The result, as has been well reported, is a sharp rise in enrolment rates across many African and Asian countries. But the problem has been a widespread, but largely anecdotal, perception that educational achievement has fallen. In my visits to Uganda in the last few years, I kept on hearing complaints about overcrowded schools, a lack of textbooks and poor teacher-children ratios.
Despite pledges of increased funding for education from international donors to support improved access, the money often didn't seem to percolate down to the schools where it was needed. This is also the story in India. Enrolment rates are now running at about 95%, and a new tax has been introduced to pay for universal primary education.

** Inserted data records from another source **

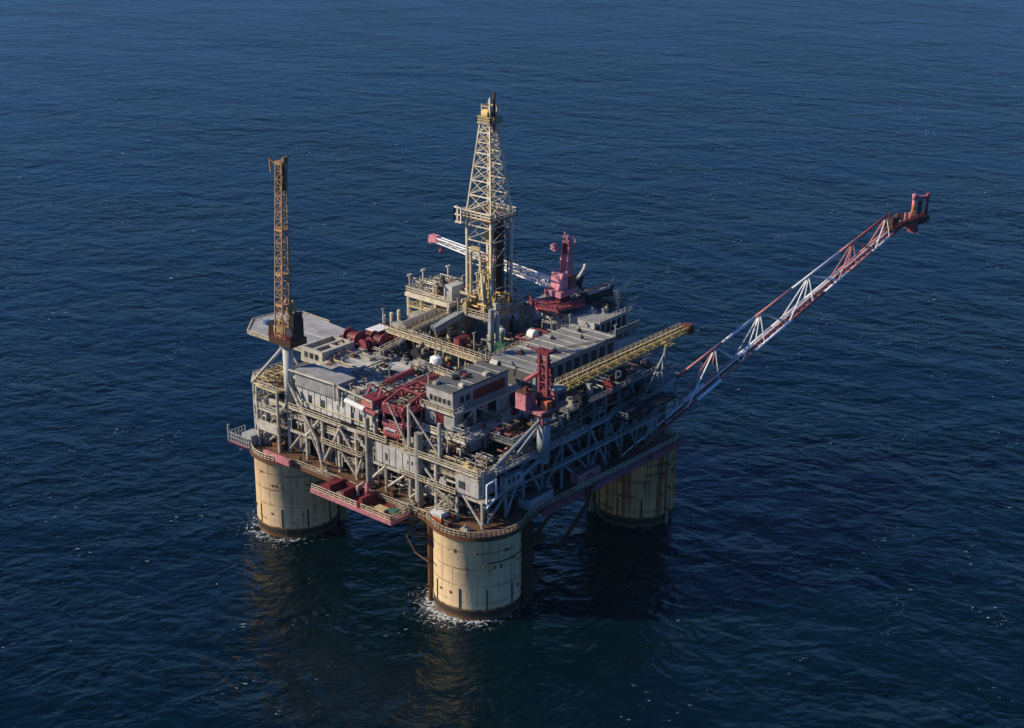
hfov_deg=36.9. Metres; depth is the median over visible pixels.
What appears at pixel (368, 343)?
winch
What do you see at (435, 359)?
storage tank
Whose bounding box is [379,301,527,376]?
topside plant
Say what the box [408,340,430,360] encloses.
engine
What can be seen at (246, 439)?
equipment pod
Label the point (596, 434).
deck plant
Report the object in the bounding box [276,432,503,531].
deck plant
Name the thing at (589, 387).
deck plant
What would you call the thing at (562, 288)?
red white boom crane
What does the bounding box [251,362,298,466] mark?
corner module
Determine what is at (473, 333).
lamp post
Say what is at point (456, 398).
control building
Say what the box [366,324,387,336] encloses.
store box
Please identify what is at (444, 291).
drill floor
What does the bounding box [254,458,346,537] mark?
hull column
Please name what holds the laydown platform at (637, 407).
attached to the production platform at (409, 455)
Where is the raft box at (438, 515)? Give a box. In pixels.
[431,507,448,522]
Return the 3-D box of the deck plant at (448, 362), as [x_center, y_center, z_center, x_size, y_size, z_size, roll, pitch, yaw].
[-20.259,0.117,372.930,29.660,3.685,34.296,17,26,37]
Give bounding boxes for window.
[458,480,464,488]
[460,395,463,403]
[465,393,469,401]
[558,392,564,401]
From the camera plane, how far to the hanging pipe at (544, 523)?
346.41 m
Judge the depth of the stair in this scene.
337.96 m
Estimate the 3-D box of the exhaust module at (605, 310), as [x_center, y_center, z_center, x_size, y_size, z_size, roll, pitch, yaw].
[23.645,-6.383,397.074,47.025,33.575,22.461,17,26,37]
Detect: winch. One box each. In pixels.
[342,327,367,348]
[358,337,375,351]
[369,330,392,350]
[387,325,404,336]
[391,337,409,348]
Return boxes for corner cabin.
[455,468,522,508]
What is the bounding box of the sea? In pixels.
[0,0,1023,727]
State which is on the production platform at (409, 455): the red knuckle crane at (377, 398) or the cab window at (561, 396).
the red knuckle crane at (377, 398)
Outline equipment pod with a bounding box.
[227,424,262,448]
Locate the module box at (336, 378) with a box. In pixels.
[294,363,355,400]
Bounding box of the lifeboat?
[383,426,401,443]
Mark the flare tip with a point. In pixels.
(912, 220)
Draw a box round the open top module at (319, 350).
[301,335,354,363]
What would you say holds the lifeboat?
in the red frame station
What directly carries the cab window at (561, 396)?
in the yellow boom crane at (548, 403)
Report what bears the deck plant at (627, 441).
on the production platform at (409, 455)
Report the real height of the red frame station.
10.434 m
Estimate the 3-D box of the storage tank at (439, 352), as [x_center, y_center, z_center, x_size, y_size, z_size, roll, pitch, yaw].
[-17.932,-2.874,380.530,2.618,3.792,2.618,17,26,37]
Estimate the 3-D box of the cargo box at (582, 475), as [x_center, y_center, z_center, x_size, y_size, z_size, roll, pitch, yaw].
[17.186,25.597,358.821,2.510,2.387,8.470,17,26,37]
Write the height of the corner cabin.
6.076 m
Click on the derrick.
(494, 235)
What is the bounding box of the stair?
[426,479,454,512]
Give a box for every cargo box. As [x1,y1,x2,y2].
[518,486,552,510]
[570,462,600,484]
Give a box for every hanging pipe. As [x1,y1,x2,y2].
[406,517,428,561]
[533,511,554,593]
[557,492,591,546]
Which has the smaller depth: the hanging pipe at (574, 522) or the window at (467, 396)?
the window at (467, 396)
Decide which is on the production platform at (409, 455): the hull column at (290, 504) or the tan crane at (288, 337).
the tan crane at (288, 337)
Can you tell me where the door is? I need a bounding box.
[436,412,442,426]
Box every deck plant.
[275,383,565,473]
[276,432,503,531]
[280,406,500,492]
[294,315,436,394]
[375,331,490,398]
[450,368,659,462]
[499,413,645,475]
[502,429,644,515]
[505,293,651,382]
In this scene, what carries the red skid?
on the production platform at (409, 455)
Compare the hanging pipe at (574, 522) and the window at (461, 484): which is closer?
the window at (461, 484)
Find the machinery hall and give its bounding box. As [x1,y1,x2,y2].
[489,324,615,394]
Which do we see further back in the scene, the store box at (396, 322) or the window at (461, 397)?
the store box at (396, 322)
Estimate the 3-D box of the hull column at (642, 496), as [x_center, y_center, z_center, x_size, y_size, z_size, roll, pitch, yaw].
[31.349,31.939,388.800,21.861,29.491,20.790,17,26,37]
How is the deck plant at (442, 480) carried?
on the production platform at (409, 455)
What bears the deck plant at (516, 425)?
on the production platform at (409, 455)
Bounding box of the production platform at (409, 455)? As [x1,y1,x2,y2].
[249,318,686,541]
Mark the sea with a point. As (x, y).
(836, 540)
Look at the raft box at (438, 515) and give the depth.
337.46 m
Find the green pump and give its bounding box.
[495,331,514,353]
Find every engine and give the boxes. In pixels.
[390,339,407,356]
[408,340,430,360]
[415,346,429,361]
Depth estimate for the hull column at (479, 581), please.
337.75 m
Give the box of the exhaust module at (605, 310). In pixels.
[509,264,679,426]
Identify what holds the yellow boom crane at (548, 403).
on the production platform at (409, 455)
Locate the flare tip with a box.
[879,193,929,232]
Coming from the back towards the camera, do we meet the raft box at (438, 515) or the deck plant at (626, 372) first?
the deck plant at (626, 372)
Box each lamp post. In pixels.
[456,298,459,313]
[472,332,475,350]
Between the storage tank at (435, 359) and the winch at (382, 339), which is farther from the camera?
the winch at (382, 339)
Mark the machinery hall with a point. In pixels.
(519, 362)
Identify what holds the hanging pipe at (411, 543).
hanging from the production platform at (409, 455)
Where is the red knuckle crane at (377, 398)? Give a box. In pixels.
[344,367,437,416]
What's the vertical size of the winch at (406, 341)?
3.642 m
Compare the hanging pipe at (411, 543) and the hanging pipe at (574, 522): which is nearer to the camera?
the hanging pipe at (411, 543)
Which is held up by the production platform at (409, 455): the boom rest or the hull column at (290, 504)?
the boom rest
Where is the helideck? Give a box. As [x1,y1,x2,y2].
[247,311,344,363]
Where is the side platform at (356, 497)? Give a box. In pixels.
[310,475,411,525]
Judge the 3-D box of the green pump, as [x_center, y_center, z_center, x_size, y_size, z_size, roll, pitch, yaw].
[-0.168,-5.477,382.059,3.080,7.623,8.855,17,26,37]
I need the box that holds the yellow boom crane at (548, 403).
[483,322,694,509]
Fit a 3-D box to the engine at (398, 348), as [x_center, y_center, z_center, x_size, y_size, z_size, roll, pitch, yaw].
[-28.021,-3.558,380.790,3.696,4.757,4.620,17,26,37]
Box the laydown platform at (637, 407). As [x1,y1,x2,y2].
[610,391,676,435]
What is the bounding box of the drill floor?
[382,265,525,355]
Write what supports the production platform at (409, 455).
on the hull column at (642, 496)
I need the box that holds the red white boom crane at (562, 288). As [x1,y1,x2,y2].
[428,229,585,318]
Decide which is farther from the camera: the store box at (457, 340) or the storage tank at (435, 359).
the store box at (457, 340)
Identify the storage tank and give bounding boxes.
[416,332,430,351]
[430,354,441,366]
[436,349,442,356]
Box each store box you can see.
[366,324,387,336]
[391,320,401,328]
[454,334,469,350]
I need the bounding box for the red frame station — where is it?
[382,381,425,444]
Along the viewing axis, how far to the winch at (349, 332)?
385.59 m
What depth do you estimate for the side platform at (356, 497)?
347.07 m
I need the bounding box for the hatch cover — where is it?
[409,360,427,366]
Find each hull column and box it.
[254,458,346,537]
[426,520,545,620]
[585,427,677,526]
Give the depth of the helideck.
394.55 m
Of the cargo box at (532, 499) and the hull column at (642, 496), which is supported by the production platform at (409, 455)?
the cargo box at (532, 499)
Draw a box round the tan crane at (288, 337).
[251,156,306,404]
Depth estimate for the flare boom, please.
406.70 m
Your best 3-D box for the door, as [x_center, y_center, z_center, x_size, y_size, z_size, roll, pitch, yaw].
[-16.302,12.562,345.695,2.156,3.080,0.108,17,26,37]
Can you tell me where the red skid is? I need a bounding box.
[515,328,549,344]
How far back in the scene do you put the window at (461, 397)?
343.88 m
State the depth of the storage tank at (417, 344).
384.48 m
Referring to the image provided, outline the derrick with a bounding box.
[453,91,517,322]
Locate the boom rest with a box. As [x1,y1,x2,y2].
[644,341,675,395]
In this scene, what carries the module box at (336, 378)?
on the production platform at (409, 455)
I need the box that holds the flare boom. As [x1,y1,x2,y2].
[622,214,903,456]
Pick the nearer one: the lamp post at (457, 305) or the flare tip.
the lamp post at (457, 305)
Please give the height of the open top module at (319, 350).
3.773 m
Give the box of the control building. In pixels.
[411,361,531,453]

But Rukmini Banerji, director of an NGO, Pratham, discovered disturbing signs that children didn't seem to benefiting. The children may have been at school, but what were they actually learning​? No one seemed to know. The only assessment the government carried out was a national sample once every three to four years, but it didn't cover all educational districts. So six years ago, Pratham took on the enormous task of finding out what Indian children were learning.
The results were horrifying. Some 50% of children after five years in school could not read at the level expected after two years of schooling; millions of children were falling behind and being consigned to educational failure (all the international studies show that once kids fall behind – fail to learn the alphabet properly, for example – it is very difficult for them to catch up).
In bald figures, of India's 200 million children, 195 million are now in school but fewer than 100 million are actually learning to read and do basic maths. They may be in school for five hours a day, but it is not doing them or the country much good.